I know, because I’ve been there.

As moms, we’re damned if we do and damned if we don’t. If we share the struggles we face as working moms, we’re criticized. If we talk about how much we love our jobs, we’re labeled as ambitious and selfish. If we say we’re lucky to be able to stay home with our kids full-time, people snidely chide, must be nice. If we complain about the never-ending “momming” that comes along with being a full-time at-home parent, we’re chastised for being ungrateful.

We just can’t win. I mean, it’s almost like people don’t care what is said as much as the fact that it is a woman saying it. Okay, it’s exactly like that.

Folks, this isn’t a competition. There is no “I have it harder” martyr award that’s passed out. Hard is hard. Period. And if we can’t share our struggles with each other in the hopes of garnering a little understanding and camaraderie, what the fuck do we have?

This is a chance for us to share our struggles, practice a little empathy, and learn from each other. I worked full-time from home, worked part-time from home, and been a full-time SAHM. The only situation I haven’t had has been a working mom whose job required me to work outside the home. I do not know what those struggles are like. When someone talks about the challenges of a long commute and getting their kids to daycare at the crack of dawn, they aren’t saying their job is harder than mine.
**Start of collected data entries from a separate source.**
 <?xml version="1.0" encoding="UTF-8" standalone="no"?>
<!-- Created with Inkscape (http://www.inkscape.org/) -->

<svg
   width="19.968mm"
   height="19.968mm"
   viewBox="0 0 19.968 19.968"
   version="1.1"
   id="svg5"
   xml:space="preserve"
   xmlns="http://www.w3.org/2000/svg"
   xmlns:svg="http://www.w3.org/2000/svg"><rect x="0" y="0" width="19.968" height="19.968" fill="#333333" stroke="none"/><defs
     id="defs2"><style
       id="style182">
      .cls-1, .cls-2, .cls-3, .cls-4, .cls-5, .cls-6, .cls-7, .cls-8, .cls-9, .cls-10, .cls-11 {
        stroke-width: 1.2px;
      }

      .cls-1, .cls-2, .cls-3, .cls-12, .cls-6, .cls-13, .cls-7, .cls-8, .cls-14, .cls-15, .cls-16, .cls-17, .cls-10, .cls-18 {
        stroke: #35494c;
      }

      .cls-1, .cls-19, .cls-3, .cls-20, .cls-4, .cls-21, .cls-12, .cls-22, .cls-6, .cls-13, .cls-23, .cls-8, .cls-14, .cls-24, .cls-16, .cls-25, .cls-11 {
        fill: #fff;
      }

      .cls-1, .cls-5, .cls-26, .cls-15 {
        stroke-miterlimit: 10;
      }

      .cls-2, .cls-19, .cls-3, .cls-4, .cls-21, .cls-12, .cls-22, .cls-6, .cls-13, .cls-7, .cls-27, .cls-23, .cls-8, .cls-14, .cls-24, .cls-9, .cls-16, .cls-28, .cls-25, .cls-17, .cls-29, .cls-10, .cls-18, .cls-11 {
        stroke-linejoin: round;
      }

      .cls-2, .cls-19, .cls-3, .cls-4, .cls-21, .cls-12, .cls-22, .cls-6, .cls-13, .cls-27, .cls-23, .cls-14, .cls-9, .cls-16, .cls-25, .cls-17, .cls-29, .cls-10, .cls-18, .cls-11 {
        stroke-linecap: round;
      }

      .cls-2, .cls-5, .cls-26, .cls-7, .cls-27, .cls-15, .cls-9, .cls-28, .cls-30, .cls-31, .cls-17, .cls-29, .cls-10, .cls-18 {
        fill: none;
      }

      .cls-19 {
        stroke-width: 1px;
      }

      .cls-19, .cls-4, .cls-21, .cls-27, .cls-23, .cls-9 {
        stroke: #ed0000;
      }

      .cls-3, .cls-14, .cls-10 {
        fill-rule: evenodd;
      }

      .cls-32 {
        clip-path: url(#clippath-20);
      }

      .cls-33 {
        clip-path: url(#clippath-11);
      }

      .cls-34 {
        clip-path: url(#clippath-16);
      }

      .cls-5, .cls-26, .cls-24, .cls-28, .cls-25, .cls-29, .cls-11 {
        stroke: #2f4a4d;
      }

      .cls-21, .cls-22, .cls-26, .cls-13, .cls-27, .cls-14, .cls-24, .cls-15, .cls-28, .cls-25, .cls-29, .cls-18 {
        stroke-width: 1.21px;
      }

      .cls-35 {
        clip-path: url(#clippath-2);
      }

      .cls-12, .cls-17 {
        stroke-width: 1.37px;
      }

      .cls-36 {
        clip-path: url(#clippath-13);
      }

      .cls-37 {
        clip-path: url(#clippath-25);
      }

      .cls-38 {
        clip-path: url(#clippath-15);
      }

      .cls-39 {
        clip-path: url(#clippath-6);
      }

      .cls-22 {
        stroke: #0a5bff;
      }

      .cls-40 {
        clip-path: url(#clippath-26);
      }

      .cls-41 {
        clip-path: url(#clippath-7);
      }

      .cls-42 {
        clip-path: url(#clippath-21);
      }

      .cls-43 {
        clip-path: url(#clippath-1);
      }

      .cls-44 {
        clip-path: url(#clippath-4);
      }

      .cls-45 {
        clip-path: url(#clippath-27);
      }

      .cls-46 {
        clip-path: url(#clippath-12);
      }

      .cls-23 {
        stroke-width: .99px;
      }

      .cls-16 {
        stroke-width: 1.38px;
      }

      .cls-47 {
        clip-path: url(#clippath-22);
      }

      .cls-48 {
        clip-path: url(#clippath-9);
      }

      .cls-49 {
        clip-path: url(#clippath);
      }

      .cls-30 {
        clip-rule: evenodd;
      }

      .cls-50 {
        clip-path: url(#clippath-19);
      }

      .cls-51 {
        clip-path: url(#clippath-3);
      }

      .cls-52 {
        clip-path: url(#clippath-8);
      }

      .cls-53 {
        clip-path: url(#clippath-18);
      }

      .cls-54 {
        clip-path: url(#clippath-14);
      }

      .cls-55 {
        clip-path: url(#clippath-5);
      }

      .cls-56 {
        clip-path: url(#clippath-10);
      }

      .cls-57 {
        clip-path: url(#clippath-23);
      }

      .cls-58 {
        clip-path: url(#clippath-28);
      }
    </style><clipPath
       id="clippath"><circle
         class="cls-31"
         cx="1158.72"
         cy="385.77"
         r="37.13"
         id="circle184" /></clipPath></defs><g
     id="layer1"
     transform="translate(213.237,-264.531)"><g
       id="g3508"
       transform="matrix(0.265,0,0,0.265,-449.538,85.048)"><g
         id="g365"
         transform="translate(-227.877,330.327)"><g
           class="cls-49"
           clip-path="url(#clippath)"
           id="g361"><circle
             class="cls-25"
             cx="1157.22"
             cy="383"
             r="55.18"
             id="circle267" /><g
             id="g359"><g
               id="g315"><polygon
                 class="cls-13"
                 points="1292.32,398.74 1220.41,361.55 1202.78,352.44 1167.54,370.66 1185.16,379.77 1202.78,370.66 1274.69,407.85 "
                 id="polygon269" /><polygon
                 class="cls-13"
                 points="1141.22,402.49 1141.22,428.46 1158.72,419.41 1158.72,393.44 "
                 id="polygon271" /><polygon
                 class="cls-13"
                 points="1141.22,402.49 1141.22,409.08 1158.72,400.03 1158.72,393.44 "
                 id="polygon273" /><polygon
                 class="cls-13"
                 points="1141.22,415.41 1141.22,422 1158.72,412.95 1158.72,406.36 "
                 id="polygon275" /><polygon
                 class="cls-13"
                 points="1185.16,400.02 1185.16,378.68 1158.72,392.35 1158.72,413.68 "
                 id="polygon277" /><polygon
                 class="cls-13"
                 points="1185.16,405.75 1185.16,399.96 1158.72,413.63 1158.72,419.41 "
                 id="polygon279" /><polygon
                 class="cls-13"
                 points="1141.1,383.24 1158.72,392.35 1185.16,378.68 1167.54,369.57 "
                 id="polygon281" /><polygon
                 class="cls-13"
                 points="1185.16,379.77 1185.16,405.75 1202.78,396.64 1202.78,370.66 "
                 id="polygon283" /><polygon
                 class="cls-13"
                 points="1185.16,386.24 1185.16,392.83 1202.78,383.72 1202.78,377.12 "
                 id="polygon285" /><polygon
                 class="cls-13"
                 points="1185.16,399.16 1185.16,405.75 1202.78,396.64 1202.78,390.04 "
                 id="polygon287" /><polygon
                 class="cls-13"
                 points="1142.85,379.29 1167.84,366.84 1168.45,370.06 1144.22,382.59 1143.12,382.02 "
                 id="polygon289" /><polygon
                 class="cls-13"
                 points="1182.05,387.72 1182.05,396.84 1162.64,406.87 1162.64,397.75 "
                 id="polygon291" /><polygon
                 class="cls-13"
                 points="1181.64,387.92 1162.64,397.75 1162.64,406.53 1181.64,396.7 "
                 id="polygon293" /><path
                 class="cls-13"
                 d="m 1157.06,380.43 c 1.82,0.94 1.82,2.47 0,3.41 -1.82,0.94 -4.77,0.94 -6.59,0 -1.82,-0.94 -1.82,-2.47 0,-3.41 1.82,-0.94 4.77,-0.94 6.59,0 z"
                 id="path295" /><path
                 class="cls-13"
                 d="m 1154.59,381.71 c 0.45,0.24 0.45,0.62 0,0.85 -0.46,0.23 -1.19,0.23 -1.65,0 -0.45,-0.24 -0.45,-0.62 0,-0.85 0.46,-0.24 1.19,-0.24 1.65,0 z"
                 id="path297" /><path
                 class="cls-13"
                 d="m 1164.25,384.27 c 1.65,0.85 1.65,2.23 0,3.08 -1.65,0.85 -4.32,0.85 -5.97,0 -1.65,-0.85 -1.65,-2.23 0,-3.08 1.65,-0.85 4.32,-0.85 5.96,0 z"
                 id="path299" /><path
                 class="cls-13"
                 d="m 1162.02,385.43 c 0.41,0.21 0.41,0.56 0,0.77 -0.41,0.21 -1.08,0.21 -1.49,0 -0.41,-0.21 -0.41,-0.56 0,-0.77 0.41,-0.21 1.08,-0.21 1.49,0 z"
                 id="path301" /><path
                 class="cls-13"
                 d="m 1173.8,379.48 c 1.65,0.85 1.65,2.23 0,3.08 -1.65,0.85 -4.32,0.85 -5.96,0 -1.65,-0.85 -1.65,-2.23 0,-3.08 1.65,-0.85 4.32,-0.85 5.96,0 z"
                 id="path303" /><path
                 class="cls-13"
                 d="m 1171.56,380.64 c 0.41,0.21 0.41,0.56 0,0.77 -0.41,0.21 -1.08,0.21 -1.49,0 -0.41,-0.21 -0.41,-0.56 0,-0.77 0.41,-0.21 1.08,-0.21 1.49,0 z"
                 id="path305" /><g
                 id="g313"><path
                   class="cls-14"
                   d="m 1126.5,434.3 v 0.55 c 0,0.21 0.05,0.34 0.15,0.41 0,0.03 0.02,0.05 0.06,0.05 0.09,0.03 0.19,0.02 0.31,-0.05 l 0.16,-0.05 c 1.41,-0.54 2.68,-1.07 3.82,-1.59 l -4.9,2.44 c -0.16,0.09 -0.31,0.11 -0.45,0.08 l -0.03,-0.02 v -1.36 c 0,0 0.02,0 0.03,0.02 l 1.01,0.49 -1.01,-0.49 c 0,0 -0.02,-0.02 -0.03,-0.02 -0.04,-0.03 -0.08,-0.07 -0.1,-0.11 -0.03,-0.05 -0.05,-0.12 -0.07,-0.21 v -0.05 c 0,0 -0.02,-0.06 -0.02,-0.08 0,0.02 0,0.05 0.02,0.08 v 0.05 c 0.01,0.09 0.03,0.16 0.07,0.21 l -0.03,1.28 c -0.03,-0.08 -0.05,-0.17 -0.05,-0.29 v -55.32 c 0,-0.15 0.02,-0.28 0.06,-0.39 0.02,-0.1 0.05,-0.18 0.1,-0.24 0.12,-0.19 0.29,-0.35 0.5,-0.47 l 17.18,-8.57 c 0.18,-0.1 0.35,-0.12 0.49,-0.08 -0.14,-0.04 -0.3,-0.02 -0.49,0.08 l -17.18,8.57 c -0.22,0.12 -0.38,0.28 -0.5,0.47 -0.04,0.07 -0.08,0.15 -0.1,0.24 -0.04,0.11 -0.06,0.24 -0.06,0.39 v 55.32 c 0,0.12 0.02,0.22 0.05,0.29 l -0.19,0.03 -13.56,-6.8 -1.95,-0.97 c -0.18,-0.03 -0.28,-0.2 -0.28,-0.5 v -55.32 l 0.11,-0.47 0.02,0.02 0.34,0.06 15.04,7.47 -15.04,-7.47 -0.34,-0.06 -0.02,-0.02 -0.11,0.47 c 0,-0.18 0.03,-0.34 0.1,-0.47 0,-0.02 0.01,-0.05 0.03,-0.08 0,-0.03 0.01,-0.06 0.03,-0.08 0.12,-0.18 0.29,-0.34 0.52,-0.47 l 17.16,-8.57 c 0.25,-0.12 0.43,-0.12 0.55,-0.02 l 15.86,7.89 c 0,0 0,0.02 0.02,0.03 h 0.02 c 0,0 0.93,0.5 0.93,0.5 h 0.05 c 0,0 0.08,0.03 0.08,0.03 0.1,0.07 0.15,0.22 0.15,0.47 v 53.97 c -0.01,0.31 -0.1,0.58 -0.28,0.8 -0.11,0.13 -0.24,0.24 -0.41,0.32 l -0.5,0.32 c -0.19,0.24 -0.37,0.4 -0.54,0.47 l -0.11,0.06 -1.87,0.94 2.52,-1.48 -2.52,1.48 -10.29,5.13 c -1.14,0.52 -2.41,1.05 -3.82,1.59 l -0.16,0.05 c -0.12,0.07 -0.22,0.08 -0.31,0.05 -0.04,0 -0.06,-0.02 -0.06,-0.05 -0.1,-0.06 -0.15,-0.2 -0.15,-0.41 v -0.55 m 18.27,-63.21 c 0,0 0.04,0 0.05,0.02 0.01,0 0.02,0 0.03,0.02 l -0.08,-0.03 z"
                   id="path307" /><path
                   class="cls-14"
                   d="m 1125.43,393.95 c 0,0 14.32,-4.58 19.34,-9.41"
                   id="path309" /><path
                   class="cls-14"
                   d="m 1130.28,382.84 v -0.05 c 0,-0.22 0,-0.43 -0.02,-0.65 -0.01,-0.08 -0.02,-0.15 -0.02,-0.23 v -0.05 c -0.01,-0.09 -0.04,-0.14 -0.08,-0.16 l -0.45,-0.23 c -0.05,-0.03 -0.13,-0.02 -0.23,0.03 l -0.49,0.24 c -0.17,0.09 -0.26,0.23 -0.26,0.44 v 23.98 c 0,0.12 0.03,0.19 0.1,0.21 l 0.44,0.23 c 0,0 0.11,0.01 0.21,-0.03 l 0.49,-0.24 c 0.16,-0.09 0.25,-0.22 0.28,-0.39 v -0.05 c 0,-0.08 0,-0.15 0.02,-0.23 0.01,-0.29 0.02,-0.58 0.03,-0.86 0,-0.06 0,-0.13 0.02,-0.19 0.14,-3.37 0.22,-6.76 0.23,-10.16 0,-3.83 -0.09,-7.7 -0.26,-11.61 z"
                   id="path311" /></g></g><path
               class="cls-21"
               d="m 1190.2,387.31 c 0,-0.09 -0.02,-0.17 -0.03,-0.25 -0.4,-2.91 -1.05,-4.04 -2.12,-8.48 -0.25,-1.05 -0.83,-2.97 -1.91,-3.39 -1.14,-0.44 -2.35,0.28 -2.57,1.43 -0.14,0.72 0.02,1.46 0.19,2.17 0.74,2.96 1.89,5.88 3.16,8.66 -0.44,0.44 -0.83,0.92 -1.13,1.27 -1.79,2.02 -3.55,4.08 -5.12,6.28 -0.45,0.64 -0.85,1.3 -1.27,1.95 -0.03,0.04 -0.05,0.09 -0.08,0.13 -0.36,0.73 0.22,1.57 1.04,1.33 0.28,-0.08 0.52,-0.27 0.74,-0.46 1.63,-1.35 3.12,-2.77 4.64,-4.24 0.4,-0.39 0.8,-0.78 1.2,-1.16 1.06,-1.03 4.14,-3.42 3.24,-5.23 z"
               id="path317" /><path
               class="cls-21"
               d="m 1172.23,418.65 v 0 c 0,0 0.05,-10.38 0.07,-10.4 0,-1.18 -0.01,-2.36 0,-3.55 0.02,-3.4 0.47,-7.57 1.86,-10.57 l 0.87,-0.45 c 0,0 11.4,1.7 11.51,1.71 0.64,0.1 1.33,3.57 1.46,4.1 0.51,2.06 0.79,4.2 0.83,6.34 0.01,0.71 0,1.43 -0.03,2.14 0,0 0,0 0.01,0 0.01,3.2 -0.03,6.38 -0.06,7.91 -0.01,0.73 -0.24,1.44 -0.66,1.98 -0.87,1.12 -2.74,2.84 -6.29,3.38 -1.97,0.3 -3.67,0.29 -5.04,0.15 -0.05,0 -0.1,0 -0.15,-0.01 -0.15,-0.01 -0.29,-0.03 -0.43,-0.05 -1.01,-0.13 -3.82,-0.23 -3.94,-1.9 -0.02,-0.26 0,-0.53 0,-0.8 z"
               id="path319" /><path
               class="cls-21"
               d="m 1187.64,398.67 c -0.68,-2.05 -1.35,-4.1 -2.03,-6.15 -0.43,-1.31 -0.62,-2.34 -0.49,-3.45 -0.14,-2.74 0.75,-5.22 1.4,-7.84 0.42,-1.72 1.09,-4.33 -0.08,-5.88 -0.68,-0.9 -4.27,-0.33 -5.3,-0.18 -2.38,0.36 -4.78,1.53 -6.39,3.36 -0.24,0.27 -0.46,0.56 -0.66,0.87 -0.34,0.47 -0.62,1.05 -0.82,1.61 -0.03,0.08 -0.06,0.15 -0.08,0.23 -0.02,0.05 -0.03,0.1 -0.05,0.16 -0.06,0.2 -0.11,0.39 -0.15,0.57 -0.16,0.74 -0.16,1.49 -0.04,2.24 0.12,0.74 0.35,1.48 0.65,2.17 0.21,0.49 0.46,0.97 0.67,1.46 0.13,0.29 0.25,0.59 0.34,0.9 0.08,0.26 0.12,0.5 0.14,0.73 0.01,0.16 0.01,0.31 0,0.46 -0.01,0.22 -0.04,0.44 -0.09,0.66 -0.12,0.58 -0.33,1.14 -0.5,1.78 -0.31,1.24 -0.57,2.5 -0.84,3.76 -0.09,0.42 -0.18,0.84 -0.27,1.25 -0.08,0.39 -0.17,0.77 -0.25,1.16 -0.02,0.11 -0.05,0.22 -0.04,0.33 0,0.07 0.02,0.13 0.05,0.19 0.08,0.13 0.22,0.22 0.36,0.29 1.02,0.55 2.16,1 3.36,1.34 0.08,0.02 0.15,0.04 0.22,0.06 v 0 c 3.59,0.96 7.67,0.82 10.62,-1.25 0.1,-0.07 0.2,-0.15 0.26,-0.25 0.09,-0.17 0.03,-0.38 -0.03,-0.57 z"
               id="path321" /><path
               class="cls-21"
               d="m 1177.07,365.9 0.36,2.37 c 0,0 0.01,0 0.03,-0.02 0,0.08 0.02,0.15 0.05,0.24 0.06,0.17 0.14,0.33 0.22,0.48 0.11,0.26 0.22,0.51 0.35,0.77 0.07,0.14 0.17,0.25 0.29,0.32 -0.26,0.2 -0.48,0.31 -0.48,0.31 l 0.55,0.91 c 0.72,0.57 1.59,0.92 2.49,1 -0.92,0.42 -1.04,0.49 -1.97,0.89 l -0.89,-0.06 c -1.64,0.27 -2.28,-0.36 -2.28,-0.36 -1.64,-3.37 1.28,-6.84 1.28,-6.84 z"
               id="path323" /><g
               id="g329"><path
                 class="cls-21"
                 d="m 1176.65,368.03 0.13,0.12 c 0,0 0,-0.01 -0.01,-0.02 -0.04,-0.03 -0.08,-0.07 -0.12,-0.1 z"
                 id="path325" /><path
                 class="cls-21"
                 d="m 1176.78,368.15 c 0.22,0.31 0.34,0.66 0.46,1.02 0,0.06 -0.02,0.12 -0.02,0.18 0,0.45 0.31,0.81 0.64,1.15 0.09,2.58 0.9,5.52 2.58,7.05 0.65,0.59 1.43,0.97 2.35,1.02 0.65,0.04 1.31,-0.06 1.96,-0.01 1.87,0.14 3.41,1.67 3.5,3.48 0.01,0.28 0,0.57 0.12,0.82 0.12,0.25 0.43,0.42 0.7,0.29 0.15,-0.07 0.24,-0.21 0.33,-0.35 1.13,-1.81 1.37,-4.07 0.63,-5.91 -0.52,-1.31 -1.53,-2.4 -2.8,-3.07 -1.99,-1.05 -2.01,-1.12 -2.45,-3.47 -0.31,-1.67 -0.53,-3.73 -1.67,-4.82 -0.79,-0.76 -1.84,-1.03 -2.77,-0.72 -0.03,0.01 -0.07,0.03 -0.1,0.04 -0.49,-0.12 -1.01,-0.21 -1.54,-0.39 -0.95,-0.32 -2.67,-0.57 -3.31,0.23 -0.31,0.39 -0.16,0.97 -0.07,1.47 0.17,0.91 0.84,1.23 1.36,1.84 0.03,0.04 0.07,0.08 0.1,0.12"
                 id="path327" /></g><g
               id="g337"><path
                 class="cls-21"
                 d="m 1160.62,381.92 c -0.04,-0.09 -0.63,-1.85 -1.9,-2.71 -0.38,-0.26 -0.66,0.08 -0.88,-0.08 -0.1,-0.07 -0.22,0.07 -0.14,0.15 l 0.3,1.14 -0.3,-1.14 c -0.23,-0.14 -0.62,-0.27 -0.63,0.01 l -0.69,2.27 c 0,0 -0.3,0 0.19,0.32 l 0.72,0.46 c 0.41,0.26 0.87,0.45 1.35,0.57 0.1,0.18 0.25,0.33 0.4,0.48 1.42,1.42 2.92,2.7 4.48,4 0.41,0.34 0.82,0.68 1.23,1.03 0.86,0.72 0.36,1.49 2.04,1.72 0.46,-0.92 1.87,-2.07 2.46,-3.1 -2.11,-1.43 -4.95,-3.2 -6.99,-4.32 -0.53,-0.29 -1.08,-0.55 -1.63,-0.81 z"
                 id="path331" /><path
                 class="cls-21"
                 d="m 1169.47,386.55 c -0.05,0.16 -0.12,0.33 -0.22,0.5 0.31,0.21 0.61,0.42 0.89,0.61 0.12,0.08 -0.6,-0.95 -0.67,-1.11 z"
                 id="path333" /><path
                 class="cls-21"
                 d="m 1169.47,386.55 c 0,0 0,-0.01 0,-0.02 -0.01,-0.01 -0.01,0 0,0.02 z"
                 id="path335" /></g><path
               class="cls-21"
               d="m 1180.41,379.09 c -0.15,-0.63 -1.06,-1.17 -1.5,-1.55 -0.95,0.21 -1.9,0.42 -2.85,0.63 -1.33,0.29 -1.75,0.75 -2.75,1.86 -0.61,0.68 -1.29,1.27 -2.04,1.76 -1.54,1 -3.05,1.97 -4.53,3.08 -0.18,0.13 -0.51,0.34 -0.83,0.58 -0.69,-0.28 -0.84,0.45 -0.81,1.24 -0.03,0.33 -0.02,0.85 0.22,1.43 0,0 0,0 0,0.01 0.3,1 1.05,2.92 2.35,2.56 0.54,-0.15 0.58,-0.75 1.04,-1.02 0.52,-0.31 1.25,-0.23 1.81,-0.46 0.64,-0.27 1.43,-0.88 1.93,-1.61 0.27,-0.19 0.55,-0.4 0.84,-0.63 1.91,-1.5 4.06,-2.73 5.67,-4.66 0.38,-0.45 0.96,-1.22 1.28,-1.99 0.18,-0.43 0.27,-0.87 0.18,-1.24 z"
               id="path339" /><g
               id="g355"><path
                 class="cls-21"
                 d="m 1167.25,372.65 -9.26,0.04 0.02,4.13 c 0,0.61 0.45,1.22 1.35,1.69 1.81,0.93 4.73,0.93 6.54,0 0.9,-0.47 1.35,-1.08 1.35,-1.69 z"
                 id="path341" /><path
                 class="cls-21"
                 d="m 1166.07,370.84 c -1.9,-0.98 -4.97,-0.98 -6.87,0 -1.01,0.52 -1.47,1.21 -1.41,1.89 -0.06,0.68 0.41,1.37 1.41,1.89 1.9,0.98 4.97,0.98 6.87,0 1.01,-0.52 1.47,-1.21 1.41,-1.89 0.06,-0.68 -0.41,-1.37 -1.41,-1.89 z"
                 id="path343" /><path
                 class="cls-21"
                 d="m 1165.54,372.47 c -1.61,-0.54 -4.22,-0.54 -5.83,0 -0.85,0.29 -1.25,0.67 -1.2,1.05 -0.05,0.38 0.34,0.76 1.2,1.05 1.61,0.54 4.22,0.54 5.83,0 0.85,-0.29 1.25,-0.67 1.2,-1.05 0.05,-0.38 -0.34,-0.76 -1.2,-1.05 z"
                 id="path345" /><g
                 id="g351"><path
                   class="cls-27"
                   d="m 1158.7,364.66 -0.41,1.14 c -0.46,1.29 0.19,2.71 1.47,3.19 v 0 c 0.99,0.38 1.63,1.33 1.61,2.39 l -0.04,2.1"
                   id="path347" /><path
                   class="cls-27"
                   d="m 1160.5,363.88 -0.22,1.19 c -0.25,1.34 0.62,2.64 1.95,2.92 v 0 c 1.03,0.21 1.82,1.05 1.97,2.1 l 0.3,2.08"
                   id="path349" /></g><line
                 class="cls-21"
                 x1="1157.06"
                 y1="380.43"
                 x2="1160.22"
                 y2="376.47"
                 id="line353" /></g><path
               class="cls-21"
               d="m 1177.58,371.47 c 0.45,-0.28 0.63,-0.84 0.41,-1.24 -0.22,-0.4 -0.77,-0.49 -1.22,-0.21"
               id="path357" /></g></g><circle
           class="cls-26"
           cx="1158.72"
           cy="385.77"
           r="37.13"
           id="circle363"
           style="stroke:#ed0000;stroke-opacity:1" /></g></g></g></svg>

Just different.

Just like when I talk about the struggles of working from home with kids are 24/7 and the careful balancing act of video-conference calls with your tween screaming at the Xbox in the next room and constantly being interrupted for snacks or because of a spotty WiFi connection, I’m not saying my situation is harder than a working mom whose kids are in daycare.

The reality is being a working mom is different than being an at-home mom. It just is. Not better, not worse. Different.

Look, parenthood is hard. End of story. And if we can’t share our struggles so we can better support each other, we’re all doomed.